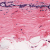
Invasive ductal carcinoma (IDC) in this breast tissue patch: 0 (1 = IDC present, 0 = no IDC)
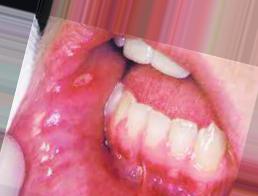
Condition: Mouth Ulcer
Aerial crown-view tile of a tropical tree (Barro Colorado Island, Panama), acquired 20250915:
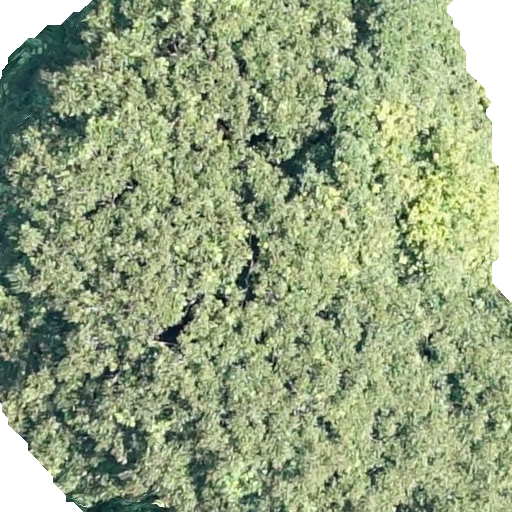
Species: Dipteryx oleifera
GBIF accepted scientific name: Dipteryx oleifera
Crown area: 410.071 m²
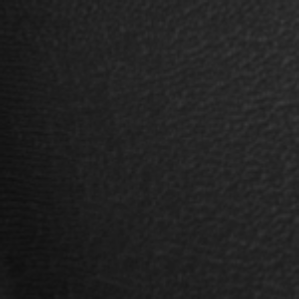
Label: frost
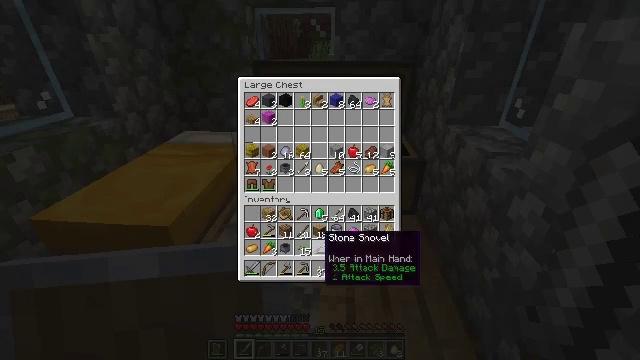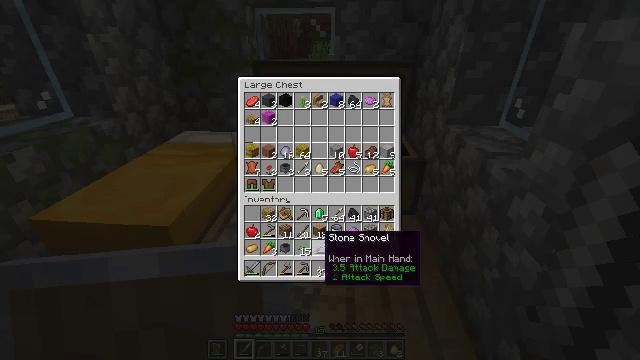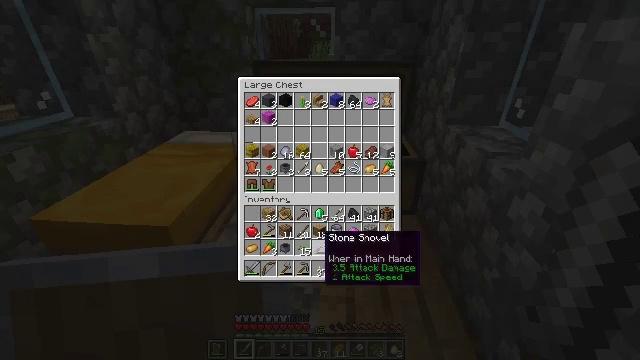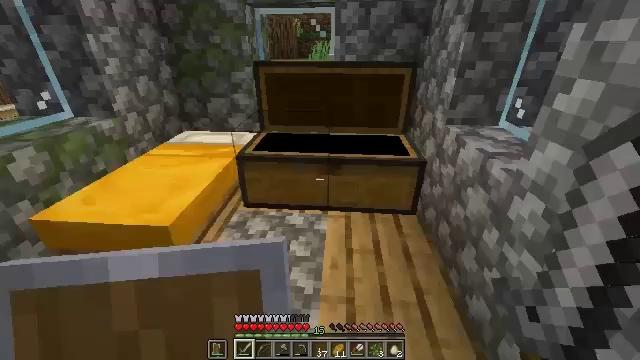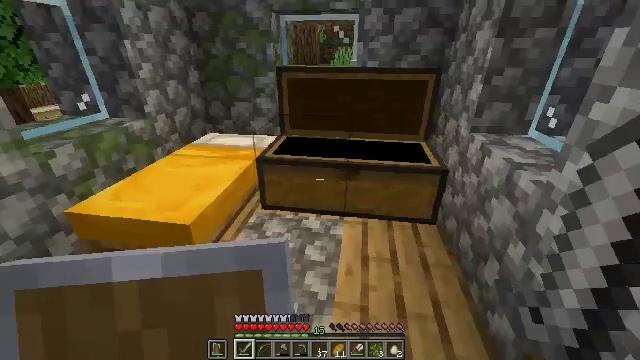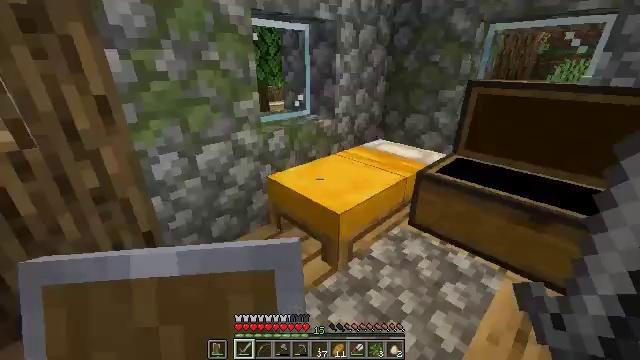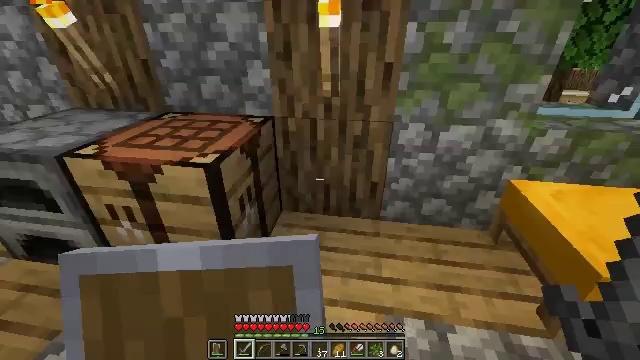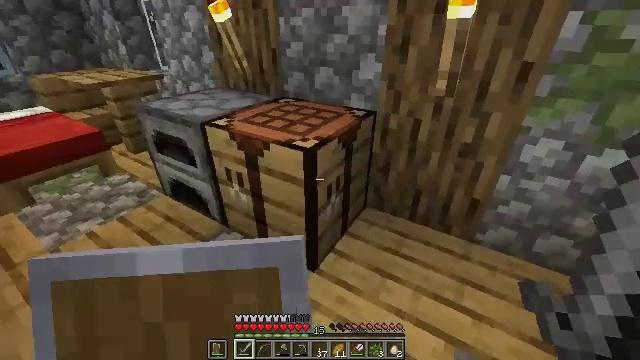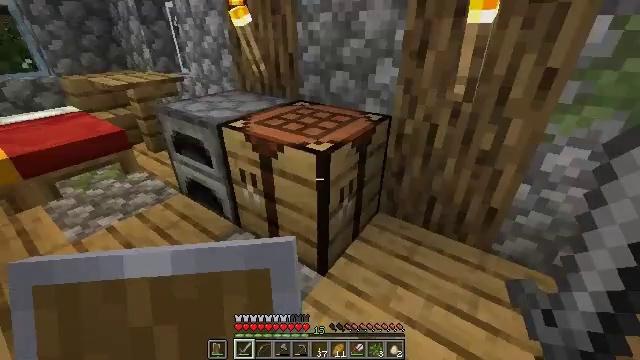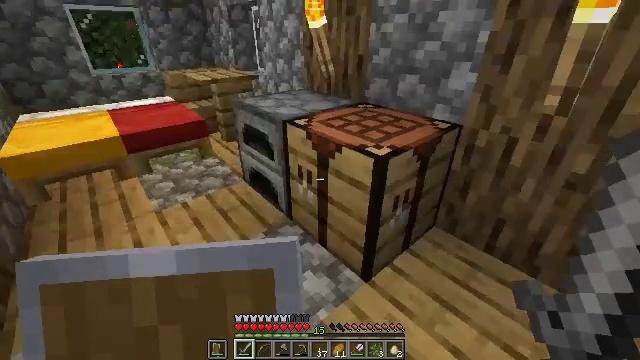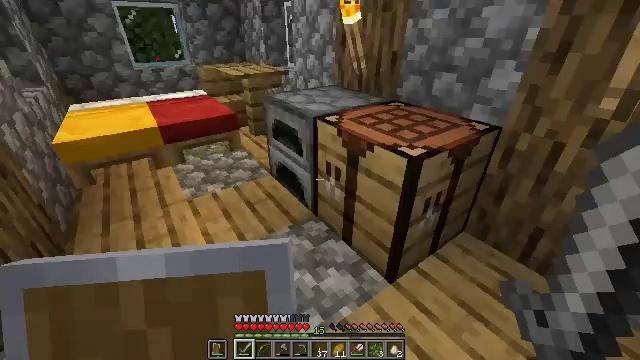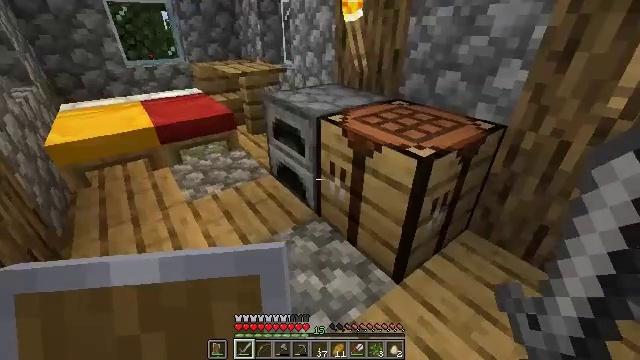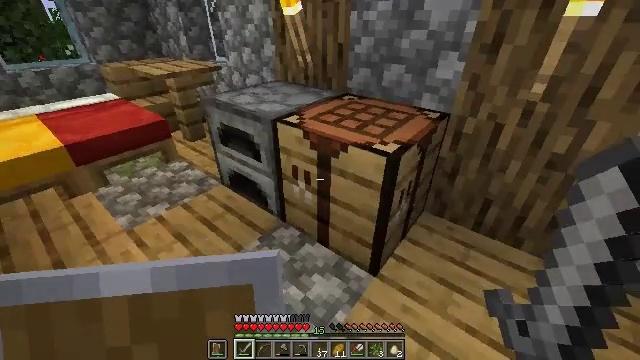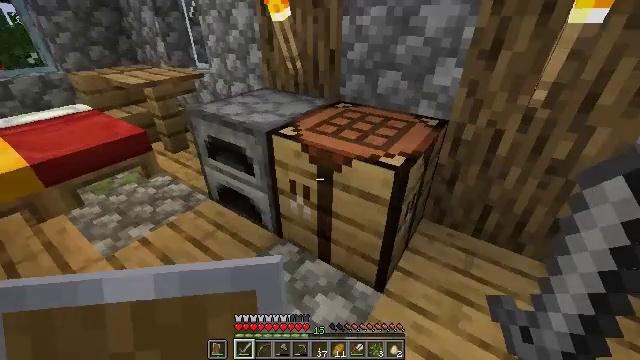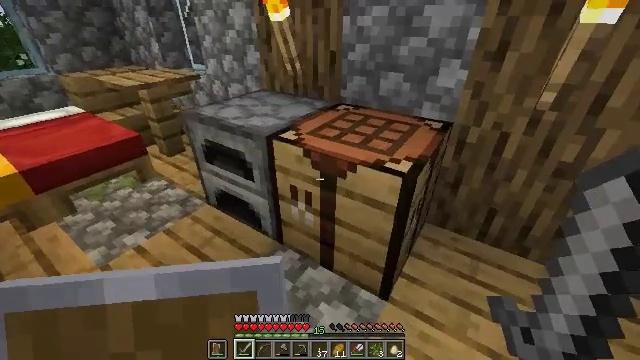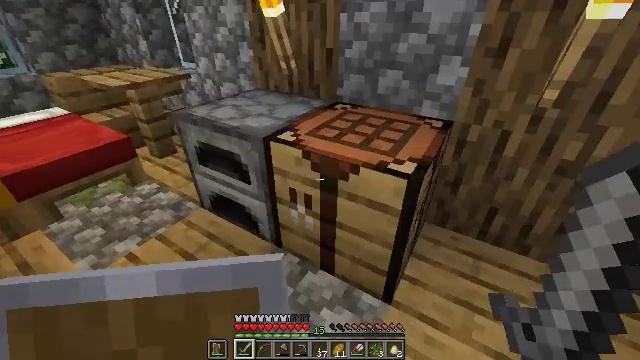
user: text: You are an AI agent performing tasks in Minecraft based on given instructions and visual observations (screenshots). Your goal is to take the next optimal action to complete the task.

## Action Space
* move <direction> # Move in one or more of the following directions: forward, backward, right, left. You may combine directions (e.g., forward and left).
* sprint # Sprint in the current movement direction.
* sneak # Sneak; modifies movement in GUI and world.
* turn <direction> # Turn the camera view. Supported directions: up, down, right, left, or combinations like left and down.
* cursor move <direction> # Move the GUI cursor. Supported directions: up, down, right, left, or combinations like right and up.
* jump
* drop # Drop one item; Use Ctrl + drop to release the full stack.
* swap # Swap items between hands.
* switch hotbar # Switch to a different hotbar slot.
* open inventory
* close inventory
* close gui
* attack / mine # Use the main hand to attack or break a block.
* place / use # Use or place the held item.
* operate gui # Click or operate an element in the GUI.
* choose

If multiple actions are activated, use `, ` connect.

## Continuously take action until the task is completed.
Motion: motion action
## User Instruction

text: Use a crafting table to craft a yellow bed.
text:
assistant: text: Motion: no_op
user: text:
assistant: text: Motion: no_op
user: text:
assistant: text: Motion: no_op
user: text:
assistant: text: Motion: turn left and up
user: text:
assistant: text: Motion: turn left and up
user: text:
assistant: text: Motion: turn left and down
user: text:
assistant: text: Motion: turn left and down
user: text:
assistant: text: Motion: turn left
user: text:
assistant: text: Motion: turn left
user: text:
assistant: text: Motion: move left, turn left
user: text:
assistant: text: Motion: move forward and move left, turn right
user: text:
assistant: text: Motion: move forward and move left, turn right and down
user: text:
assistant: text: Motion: move forward, turn right
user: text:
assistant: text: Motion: no_op
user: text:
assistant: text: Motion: turn right
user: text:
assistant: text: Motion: use / place
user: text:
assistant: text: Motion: use / place
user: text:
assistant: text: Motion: no_op
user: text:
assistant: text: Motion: no_op
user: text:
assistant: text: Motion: turn left
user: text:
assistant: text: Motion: no_op
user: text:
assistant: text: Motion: no_op
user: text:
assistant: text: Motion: no_op
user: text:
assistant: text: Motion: no_op
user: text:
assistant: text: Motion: turn left
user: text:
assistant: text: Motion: turn left
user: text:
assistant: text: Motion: turn left and up
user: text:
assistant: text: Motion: turn left
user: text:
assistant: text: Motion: turn left and down
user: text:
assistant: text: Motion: turn left
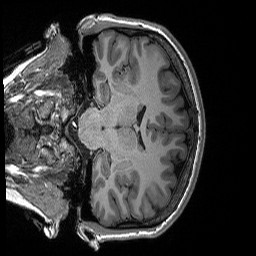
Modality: T1w
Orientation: coronal
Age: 18
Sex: female
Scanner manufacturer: siemens
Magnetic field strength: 3 T
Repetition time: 2.3 s
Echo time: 0.00298 s
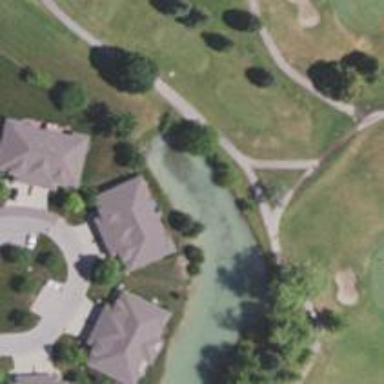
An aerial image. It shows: Service road designated as golf cart path.
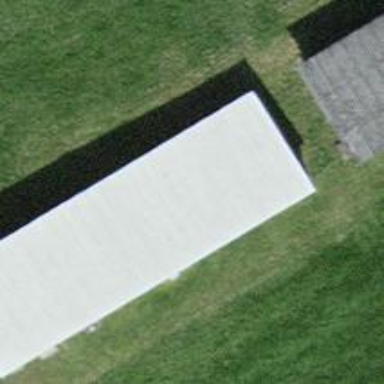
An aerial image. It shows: Shed.
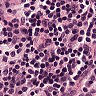
Metastatic tissue present: no
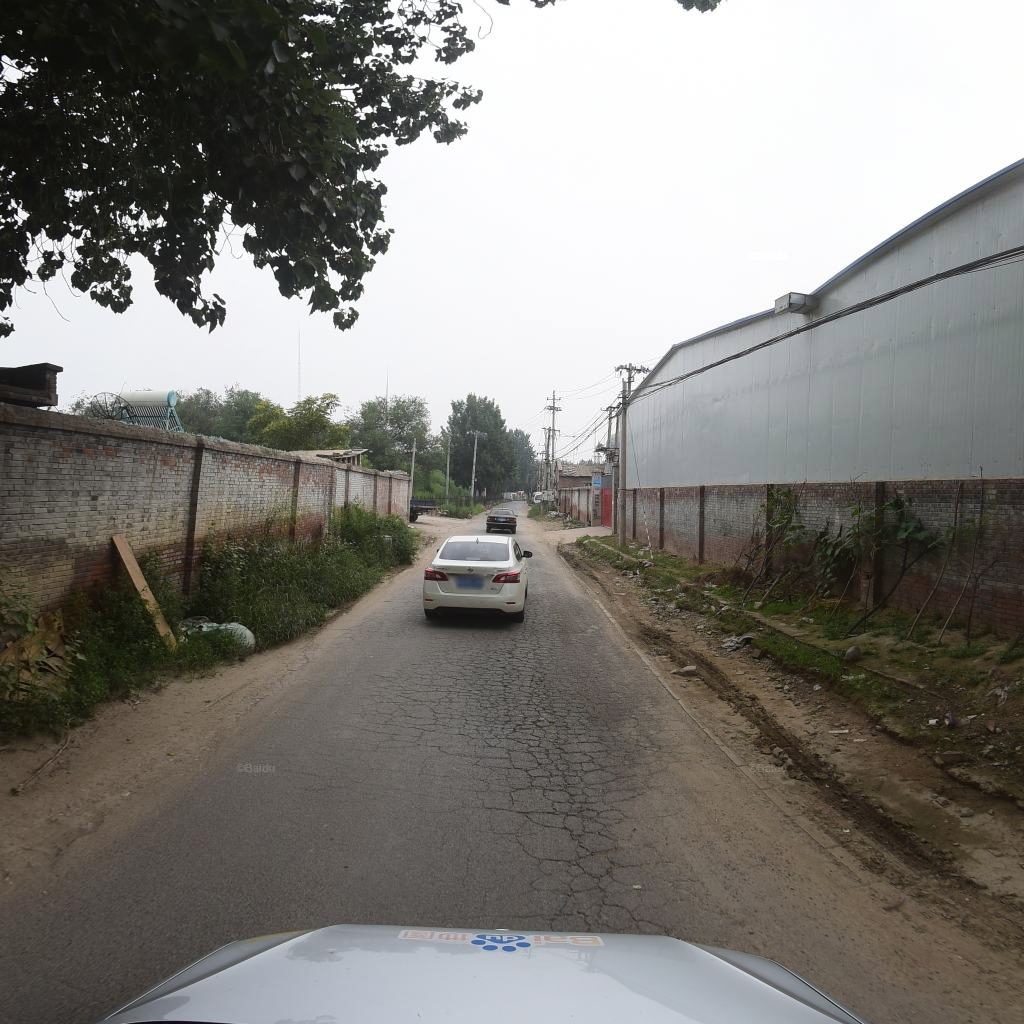
Region: Fengtai
Road damage annotations: alligator crack
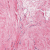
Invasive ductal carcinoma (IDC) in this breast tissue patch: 0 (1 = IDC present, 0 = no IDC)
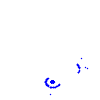
Particle: electron
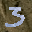
Label: 3
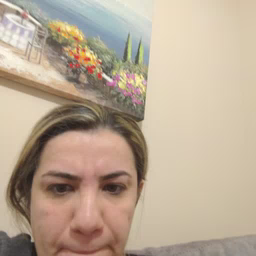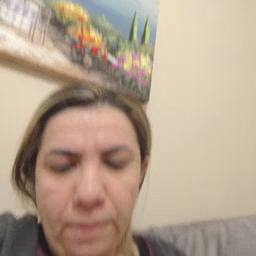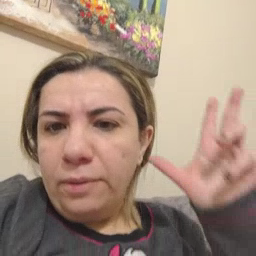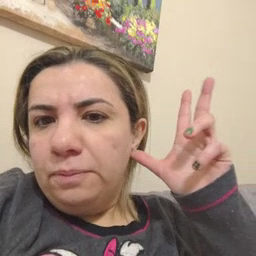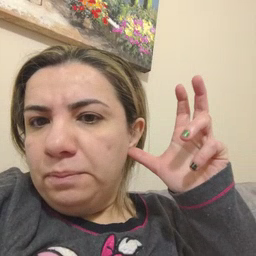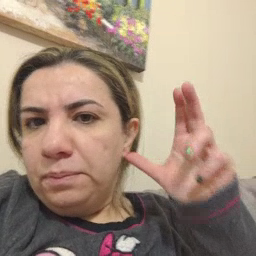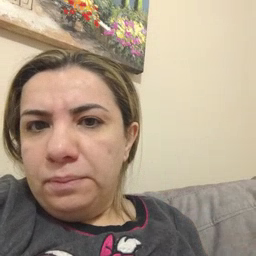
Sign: hear
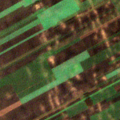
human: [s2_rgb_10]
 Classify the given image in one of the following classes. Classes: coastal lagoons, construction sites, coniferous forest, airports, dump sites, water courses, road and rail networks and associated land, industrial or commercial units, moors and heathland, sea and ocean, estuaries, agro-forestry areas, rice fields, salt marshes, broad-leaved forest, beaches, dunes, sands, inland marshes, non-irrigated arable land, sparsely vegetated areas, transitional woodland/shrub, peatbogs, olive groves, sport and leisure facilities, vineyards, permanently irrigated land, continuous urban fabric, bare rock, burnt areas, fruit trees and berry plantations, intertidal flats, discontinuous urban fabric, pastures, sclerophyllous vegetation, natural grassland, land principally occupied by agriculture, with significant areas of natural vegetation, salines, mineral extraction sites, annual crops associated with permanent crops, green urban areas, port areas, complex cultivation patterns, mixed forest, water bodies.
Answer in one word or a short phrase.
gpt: non-irrigated arable land
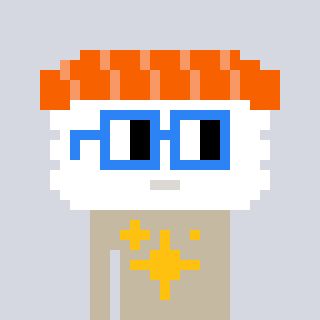
a pixel art character with square blue glasses, a nigiri-shaped head and a bege-colored body on a cool background
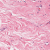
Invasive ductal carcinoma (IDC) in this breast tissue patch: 0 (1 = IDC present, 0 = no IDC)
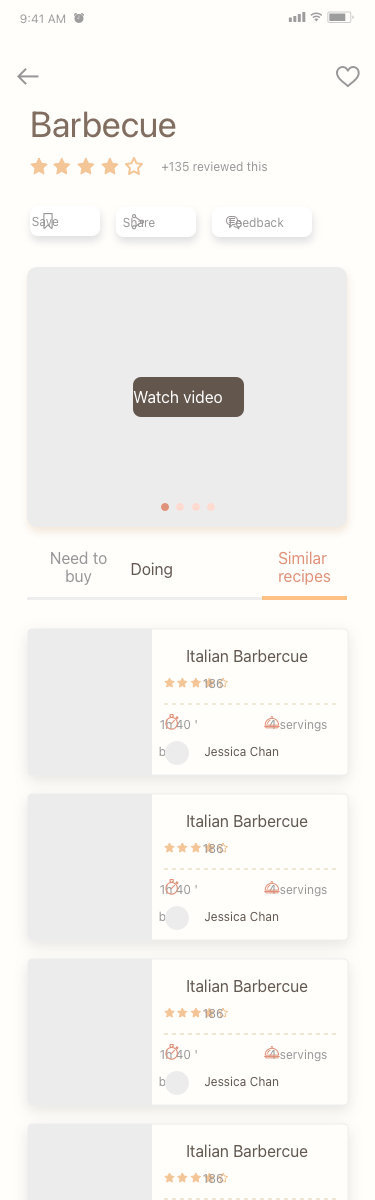
Text in this UI design:
Barbecue
Need to buy
Similar recipes
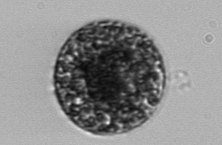
Label: Vicicitus_globosus
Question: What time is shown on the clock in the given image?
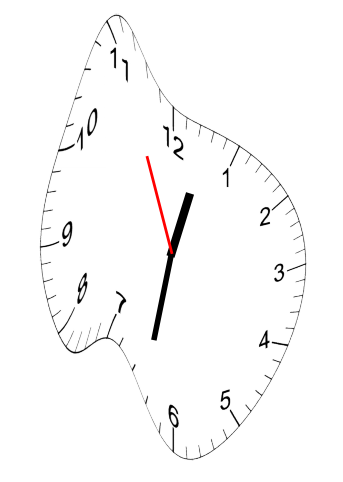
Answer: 12:31:56
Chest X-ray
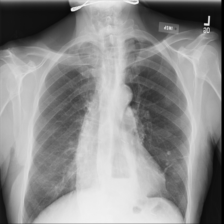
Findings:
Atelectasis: negative
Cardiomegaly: negative
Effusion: negative
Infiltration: negative
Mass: negative
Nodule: negative
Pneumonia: negative
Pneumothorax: negative
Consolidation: negative
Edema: negative
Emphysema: negative
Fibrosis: negative
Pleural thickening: negative
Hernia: positive
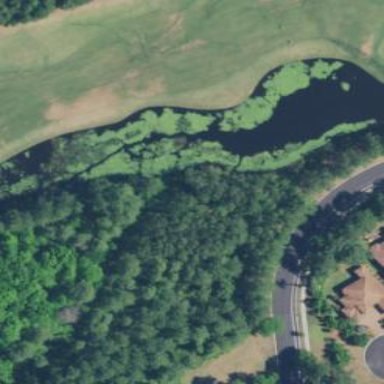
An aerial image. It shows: Water hazard in golf course. The hazard is natural water feature.
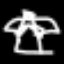
Label: angel
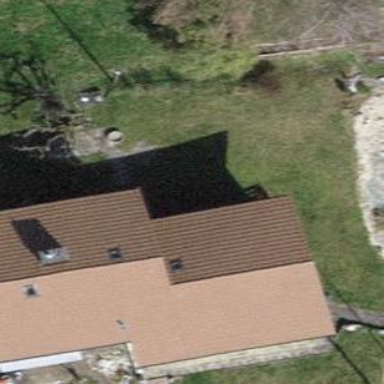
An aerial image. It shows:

+===+

Only lines holding the word "like" belong in the answer; copy each one from the material.

* turn <direction> # Turn the camera view. Supported directions: up, down, right, left, or combinations like left and down.
* cursor move <direction> # Move the GUI cursor. Supported directions: up, down, right, left, or combinations like right and up.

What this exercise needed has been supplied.